The final set of mutations for each H3 ectodomain, spanning from residues 19 to 520 in sequential numbering, can be found here:
Based on these targeted mutations, primers were generated using the create_primers.py
script in TargetedTilingPrimers. All necessary input files are prepped and collected in targeted_library_primers. This includes formatting an H3N2 codon frequency table for codon optimization. Also note that targeted mutations were identified from the WT sequences, but the primers need to bind to the chimeric sequences (plasmids 3022 and 3023), which include the first 19 amino acids from WSN-HA. primer_input_data_prep.ipynb
therefore includes the necessary site numbering conversion, and ensures that only sequence that is consistent between the WT and chimeric sequences is mutated.
5010 primers were generated for both the Kansas/14/2017 and HongKong/45/2019 chimeric libraries, including fwd and rev pools. Target Tm was between 60C and 61C, and targeted length was between 25 and 51 bp. Actual distributions of length and Tm are visualized here:
The final set of mutagenic primers, designed to complement the chimeric WSNHAflank_H3-ectodomain constructs, can be found here. Note: due to numbering conventions in the primer design script, sites are numbered according to the first residue to be mutated. mut1N
actually corresponds to residue 19 in the WT H3 sequences, and residue 22 in the chimeric H3 sequences. More details on this numbering conversion, plus script to ensure consistency between the WT and chimeric sequence numbering, can be found in primer_input_data_prep.
Finally, we also wanted to ensure a higher frequency of mutations at key epitope sites, and include double-mutant primers for nearby epitope sites. John Huddleston analyzed mutations that have been present in multiple major clades over the past 6 years, and identified 22 key epitope sites. major_epitope_primers contains the summary of this analysis. major_epitope_primers.ipynb
generates primers with random NNK
codons at each of these sites. It also generates a set of double-mutant primers with random NNK
codons at every combination of epitopes within a primer length of one another.

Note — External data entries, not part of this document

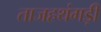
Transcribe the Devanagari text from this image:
ताजहथंगड़ी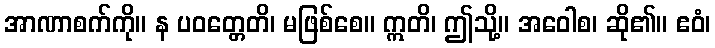
အာဏာစက်ကို။ န ပဝတ္တေတိ၊ မဖြစ်စေ။ ဣတိ၊ ဤသို့။ အဝေါစ၊ ဆို၏။ ဧဝံ၊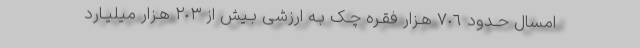
امسال حـدود ٧٠٦ هـزار فقـره چـک بـه ارزشی بـیش از ٢٠٣ هـزار میلیـارد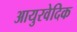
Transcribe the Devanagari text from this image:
आयुरवेदिक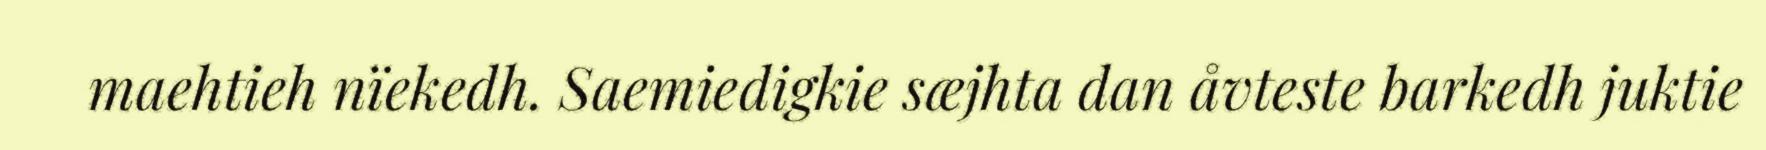
maehtieh nïekedh. Saemiedigkie sæjhta dan åvteste barkedh juktie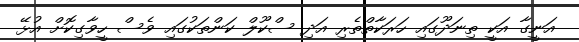
އަނީގާ އަކީ ތިނަދޫގައި ހަރަކާތްތެރި އަދި ސްކޫލް ކަންތަކުގައި ވެސް ހީވާގިކޮށް އުޅޭ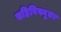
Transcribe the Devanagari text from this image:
सहिविस्नुता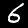
Digit: 6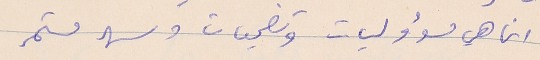
انما هي مسؤوليات وتضحيات وسهر مستمر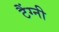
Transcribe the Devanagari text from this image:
टैंग्नी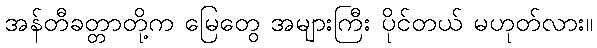
အန်တီခတ္တာတို့က မြေတွေ အများကြီး ပိုင်တယ် မဟုတ်လား။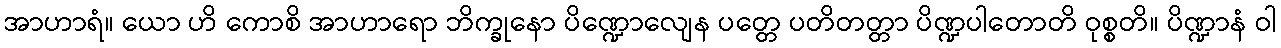
အာဟာရံ။ ယော ဟိ ကောစိ အာဟာရော ဘိက္ခုနော ပိဏ္ဍောလျေန ပတ္တေ ပတိတတ္တာ ပိဏ္ဍပါတောတိ ဝုစ္စတိ။ ပိဏ္ဍာနံ ဝါ

Note: this script skips over the numbering conversions described above. Primers are labeled using epitope residue numbers, which reference wildtype H3 sequential numbering.
Single and double epitope primers for both H3 sequences are output in this directory. Given a minimum of 8 nt's between the beginning of the primer and the first site to mutate, there are 10 paired epitopes in HongKong/2019 and 9 paired epitopes in Kansas/2017.